There is debate in our family over “canned” vs “homemade” when it comes to cranberries. But with all the fuss of a turkey, I’m not making BOTH! So, it depends on the availability of cranberries. It seems some years they are scarcer than others. Regarding “canned goods” my daughter told me recently that she’d bought a can of peas, thinking “what a handy idea!” She had never HAD canned peas, and was very disappointed to find them pale and soft – just as I remember them – and why I never served them when she was a child. Does anyone remember canned bacon? or canned potatoes? those were staples in our early camping years.
Alison – I remember endless aisles of canned goods and a vanishingly small freezer section. Then, all of a sudden it seems, good food came from the freezer. Today, the only things I buy in cans are stewed tomatoes and diced green chilis. I do remember canned potatoes, but not bacon. I wonder what the next food-processing swerve will be?
A couple of years ago, I tried canned corn for the first time in, oh, let’s say 35 years. I was travelling and, with food sensitivities, unable to trust the ingredients of the food at the nearby ‘restaurant’ choices.
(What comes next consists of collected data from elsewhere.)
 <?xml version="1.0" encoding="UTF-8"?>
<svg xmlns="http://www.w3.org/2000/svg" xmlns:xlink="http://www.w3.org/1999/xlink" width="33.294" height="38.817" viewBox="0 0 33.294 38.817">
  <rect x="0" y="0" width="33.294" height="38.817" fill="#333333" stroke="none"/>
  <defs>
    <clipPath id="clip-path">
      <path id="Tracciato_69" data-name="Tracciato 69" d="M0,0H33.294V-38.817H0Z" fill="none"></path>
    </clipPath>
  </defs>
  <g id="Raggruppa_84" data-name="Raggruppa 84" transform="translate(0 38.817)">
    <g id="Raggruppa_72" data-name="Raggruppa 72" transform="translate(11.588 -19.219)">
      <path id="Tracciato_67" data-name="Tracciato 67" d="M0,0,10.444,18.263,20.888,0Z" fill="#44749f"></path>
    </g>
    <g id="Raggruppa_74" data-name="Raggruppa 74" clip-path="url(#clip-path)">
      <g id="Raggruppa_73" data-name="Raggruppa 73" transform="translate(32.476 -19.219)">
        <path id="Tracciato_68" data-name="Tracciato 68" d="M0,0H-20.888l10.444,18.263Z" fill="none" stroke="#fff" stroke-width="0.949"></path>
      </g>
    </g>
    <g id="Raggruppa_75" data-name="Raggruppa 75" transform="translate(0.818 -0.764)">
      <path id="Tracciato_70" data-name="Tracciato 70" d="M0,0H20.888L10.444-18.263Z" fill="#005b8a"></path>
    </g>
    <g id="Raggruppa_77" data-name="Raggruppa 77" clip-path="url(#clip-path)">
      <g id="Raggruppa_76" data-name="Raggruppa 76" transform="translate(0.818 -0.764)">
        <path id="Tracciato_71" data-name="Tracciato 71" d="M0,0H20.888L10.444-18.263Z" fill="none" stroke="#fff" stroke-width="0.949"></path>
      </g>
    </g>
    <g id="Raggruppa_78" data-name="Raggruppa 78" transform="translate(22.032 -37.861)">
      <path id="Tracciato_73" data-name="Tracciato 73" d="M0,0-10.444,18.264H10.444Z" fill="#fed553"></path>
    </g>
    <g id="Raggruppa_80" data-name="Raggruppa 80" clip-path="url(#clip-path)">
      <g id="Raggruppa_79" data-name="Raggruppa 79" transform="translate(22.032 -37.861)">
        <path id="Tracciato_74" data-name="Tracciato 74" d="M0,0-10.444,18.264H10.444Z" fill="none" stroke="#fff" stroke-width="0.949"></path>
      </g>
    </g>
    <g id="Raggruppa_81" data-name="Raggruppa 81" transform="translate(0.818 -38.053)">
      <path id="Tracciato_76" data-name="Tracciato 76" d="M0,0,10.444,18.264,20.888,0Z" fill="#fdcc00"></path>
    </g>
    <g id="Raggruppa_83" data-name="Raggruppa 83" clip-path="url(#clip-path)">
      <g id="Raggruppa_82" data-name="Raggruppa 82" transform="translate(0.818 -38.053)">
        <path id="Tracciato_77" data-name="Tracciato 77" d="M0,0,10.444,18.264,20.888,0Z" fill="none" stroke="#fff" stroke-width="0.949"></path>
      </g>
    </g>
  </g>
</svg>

So at the convenience store I bought some raw, washed, carrots and celery, canned potatoes (yucky), sliced deli meat, and canned corn. I heated up everything except carrots and celery (my salad) in the microwave in my room. Other than the potatoes, I quite enjoyed it. But I was surprised how much I enjoyed the corn; it was sweet and crunchy, and I have to admit, better than frozen. I always have a few cans of corn in the larder in the winter for convenience. But no, peas and potatoes are still not good, not good at all.
Marion – Oh, yes, and corn. You’re exactly right – much better canned than frozen. I wonder why?